Sebagaimana tradisi melukis di Ubud yang bertahan sampai saat ini tetap memakai teknik yang sama seperti para pendahulunya sewaktu tahun 1930-an lalu. Tradisi teknik itu menjadi sebuah ’konvensi’ yang terus dipegang dari generasi ke generasi oleh seniman Bali khususnya di Ubud.
Ia lahir dari keluarga seniman (pelukis), kakeknya adalah Ida Bagus Made Kembeng salah pelukis era Pitamaha karyanya mendapatkan apresiasi internasional berupa Internasional Medali pada pameran Kolonial di Perancis tahun 1937.
Pamannya juga seorang pelukis yang sangat terkenal yaitu Ida Bagus Made (poleng), dikenal sebagai sosok dengan dedikasi tinggi penuh idealisme dan memilih hidup asketis. Orang tuanya sendiri juga seorang pelukis yaitu Ida Bagus Wiri dan pamannya yang lain adalah seorang dalang. Sehingga dapat dipastikan darah seni mengalir deras dalam dirinya, dan menghantarkannya menapaki jalan kesenimanan sebagai pelukis yang memiliki ciri rupa khas berkarakter filosofi.
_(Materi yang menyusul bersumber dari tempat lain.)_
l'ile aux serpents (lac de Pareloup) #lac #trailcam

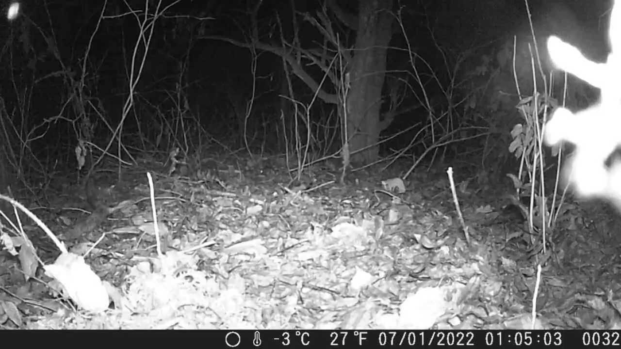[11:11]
là suivant la flèche je pensais que c'était une personne qui éclairait avec une pile électrique pendant la nuit et au bout de l'autre flèche une petite souris qui bouge pas comme si elle était effrayée par cette lumière ou ce raflé je sais pas trop ce que c'était là deux petites souris maintenant

Kekhasan dalam karya Sena ternyata tidak menurun begitu saja dari leluhurnya pun dari ayahnya sendiri, temuan estetik tersebut ia capai dari hasil pergaulan pribadinya yang begitu intens dalam ruang-ruang sepi kesehariannya; diselingi dengan menjalani tugas ngayah untuk upacara adat dan agama.
Sebagai bagian dari masyarakat Bali ia tidak dapat lepas dari kegiatan adat (sosial) dan ritual (agama), jika dilihat dari kaca mata modern aktivitas ngayah tersebut dapat menyita waktu-waktu produktif sehingga dianggap merugikan. Tetapi bagi masyarakat Bali, waktu (kala) adalah bagian dari sirkulasi kosmologi yang di dalamnya ada dimensi pribadi dan dimensi-dimensi soal yang tidak dapat ditolak dan harus dijalani sebagai bagian dari keharmonisan kosmos.
Baginya kondisi adat di Bali tersebut tidak dianggap sebagai beban, tetapi justru bagian dari jalan dan tantangan kehidupannya yang menempuh jalan seniman. Kesenian khususnya seni lukis menjadi sarana baginya untuk menuangkan nilai-nilai kehidupan yang tengah dijalani. Karyanya tidak hanya menampilkan keindahan (estetika) visual semata, tetapi sebuah ramuan dari interpretasi dan penghayatnya terhadap nilai-nilai kehidupan.
Proses berkarya bagi sosok eksentrik ini, adalah proses yang kompleks yang melibatkan pemikiran dan sensibilitas rupa. Sehingga proses yang dijalani selama menyelesaikan karya ini sangatlah panjang, menghabiskan waktu dua setengah tahun. Sungguh sebuah proses yang sangat lama, karena bagi Sena melukis bukan hanya perkara menggurat bentuk dan menggoreskan kuwas saja. Tetapi merupakan sebuah ritus yang dijalaninya secara khusuk sembari merenungi dan menghayati makna-makna kehidupan, melalui tuntunan nilai-nilai yang terkandung di dalam ajaran hidup yang bersumber dari ajaran agama Hindu yang senantiasa dikontekstualisasikan dengan fenomena yang terjadi di masyarakat.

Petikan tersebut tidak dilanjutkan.